Прохожие исподтишка провожали завистливыми взглядами: молодой, привлекательный, стильно одетый мужчина, идет, конечно, к какой-то счастливой девушке на свидание... В такт размашистому шагу подрагивают черные прядки, упавшие на лоб. Только сигареты не хватает для завершения облика мачо... Нет. Курить он не будет.

Он действительно шел к девушке – правда, она выглядела не слишком счастливой, скорее замученной. Ольга кивнула ему и вернулась в комнату, кутаясь в махровый халат. Даже в нем она была изящнее, чем он привык ее видеть: обычно она таскала джинсы и кроссовки, злорадно называя себя "оно". В этом была вся Ольга: она язвила и издевалась над всеми, включая себя.

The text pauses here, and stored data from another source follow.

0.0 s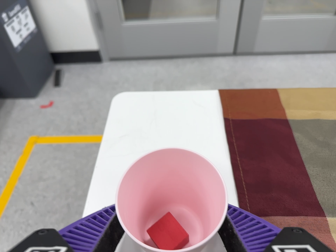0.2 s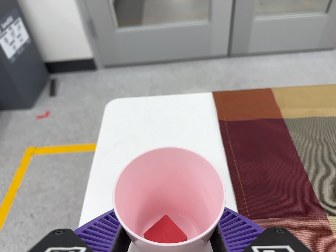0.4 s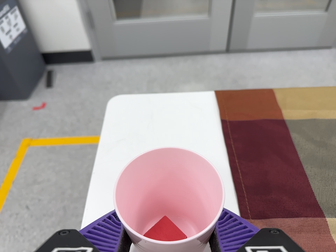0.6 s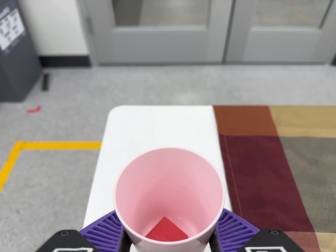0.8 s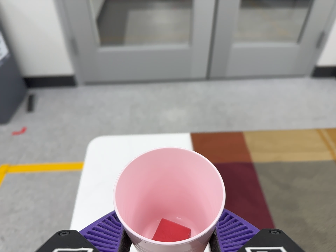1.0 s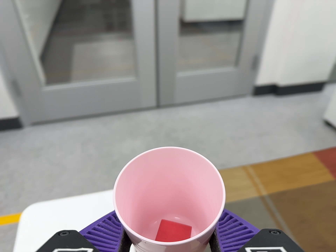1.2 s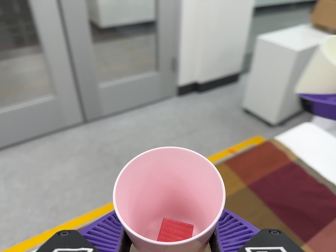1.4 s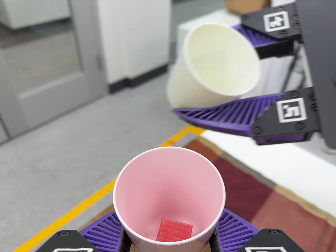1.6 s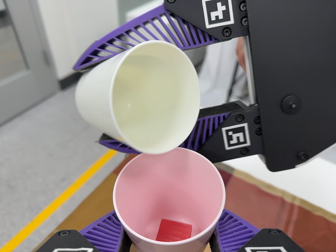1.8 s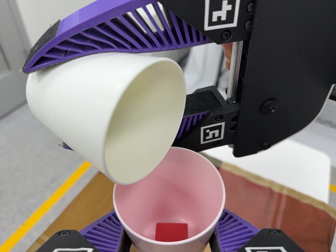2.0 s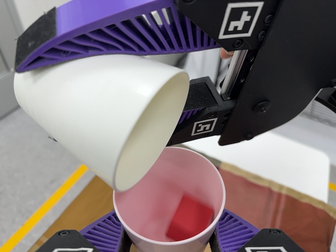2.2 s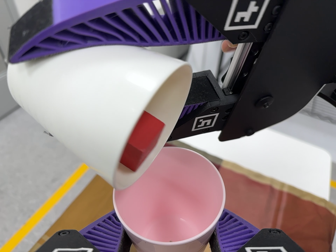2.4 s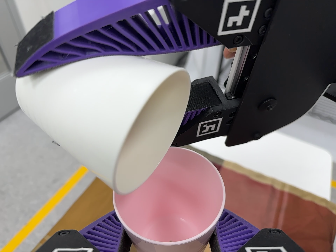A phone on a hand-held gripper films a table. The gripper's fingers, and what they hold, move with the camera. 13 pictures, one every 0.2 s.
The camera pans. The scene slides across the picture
to the left.
The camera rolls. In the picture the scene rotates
counterclockwise.
0.0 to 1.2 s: The scene slides to the left, as the camera pans about 30 degrees to its right. It travels toward the top of its view and to its right, about 18 cm, so close, fixed things drift downward. Its aim tips toward the top of its view by about 10 degrees, and the scene shifts downward. It rolls about its line of sight by about 20 degrees, and the scene rotates counterclockwise.
1.2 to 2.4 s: The camera swings to its right by about 25 degrees, and the scene slides to the left. It travels toward the top of its view and to its right, about 10 cm. It rolls about its line of sight by about 20 degrees, and the scene rotates counterclockwise.
The film runs backward here.
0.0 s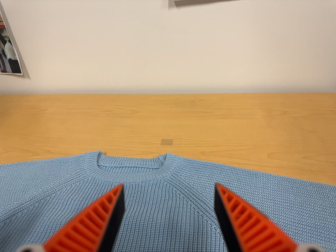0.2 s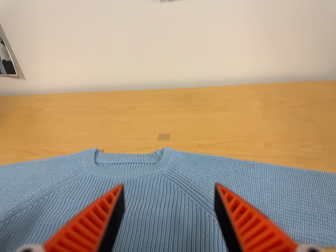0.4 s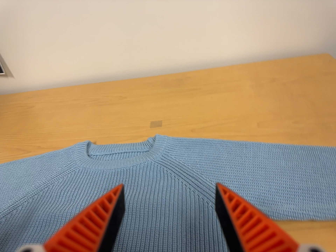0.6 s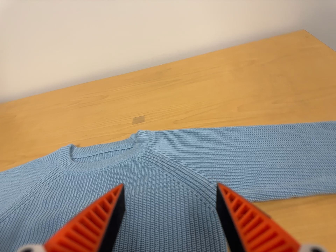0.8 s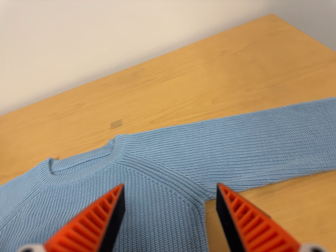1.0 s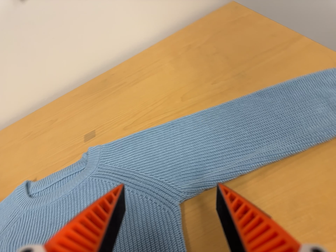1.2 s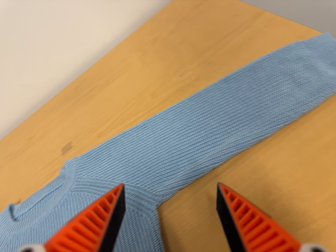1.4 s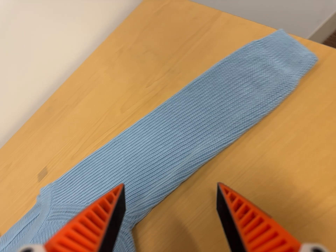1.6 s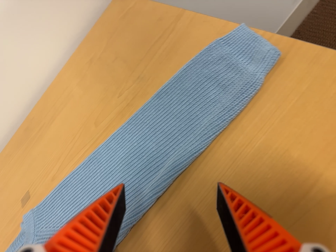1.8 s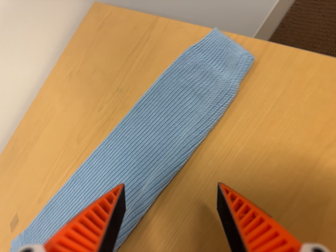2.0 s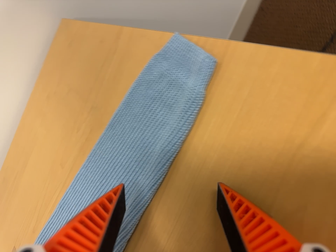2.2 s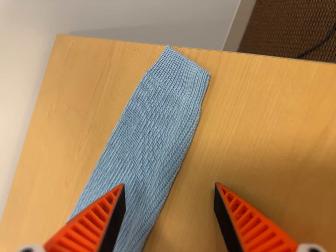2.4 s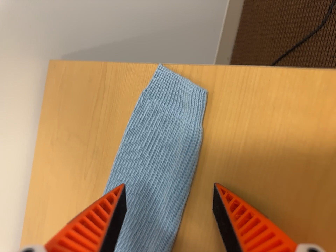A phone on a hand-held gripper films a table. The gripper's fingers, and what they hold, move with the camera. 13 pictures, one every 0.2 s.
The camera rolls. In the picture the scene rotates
counterclockwise.
0.0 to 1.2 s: The camera travels to its right, about 18 cm, so close, fixed things drift to the left. Its aim tips toward the bottom of its view by about 10 degrees, and the scene shifts upward. It rolls about its line of sight by about 40 degrees, and the scene rotates counterclockwise.
1.2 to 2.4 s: The camera travels to its right, toward the top of its view and forward, about 20 cm, so close, fixed things drift to the left. It rolls about its line of sight by about 40 degrees, and the scene rotates counterclockwise.
The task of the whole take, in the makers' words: right arm across.
The film runs forward here.

Пахло чем-то вкусным. Алечка выглянула из кухни, улыбнулась; без макияжа она казалась Паше красивее. Но если Ольгина работа требовала асексуальной внешности – коллеги-врачи на короткую юбку реагировали как бык на красную тряпку – то школа подразумевала как минимум взрослость, а уютная домашняя Алечка походила скорее на студентку-практикантку.

Ольга приглушила "Дискавери", прижала к животу чашку с чаем.

- Знаешь, иногда я вам, мужикам, завидую.

- Зато нам приходится кресла чинить, - философски заметил Паша, копаясь в коробке с винтиками, гайками и всяким железным мусором. - Куда ж я в прошлый раз отвертку засунул?

Ольга издевательски выгнула тонкую бровь. Прикинув ход ее мыслей, Паша возвел глаза к небу. Он иногда катастрофически не понимал, как нежная душа Алечки выдерживает эту чудовищную пошлячку.

Ольга. Очаровательный беспорядок коротких волос, турецкий загар в разъехавшемся вырезе халата. Трогательная девочка, пока молчит. Но молчит она нечасто.

Ей тридцать два.

Она счастлива.

Паша возился с креслом; пальцы пахли железом. Ему нравилось создавать иллюзию "мужчины в доме" - здесь, где он был нужен и где принимали его таким, какой он есть... Совсем по-другому все было в доме матери.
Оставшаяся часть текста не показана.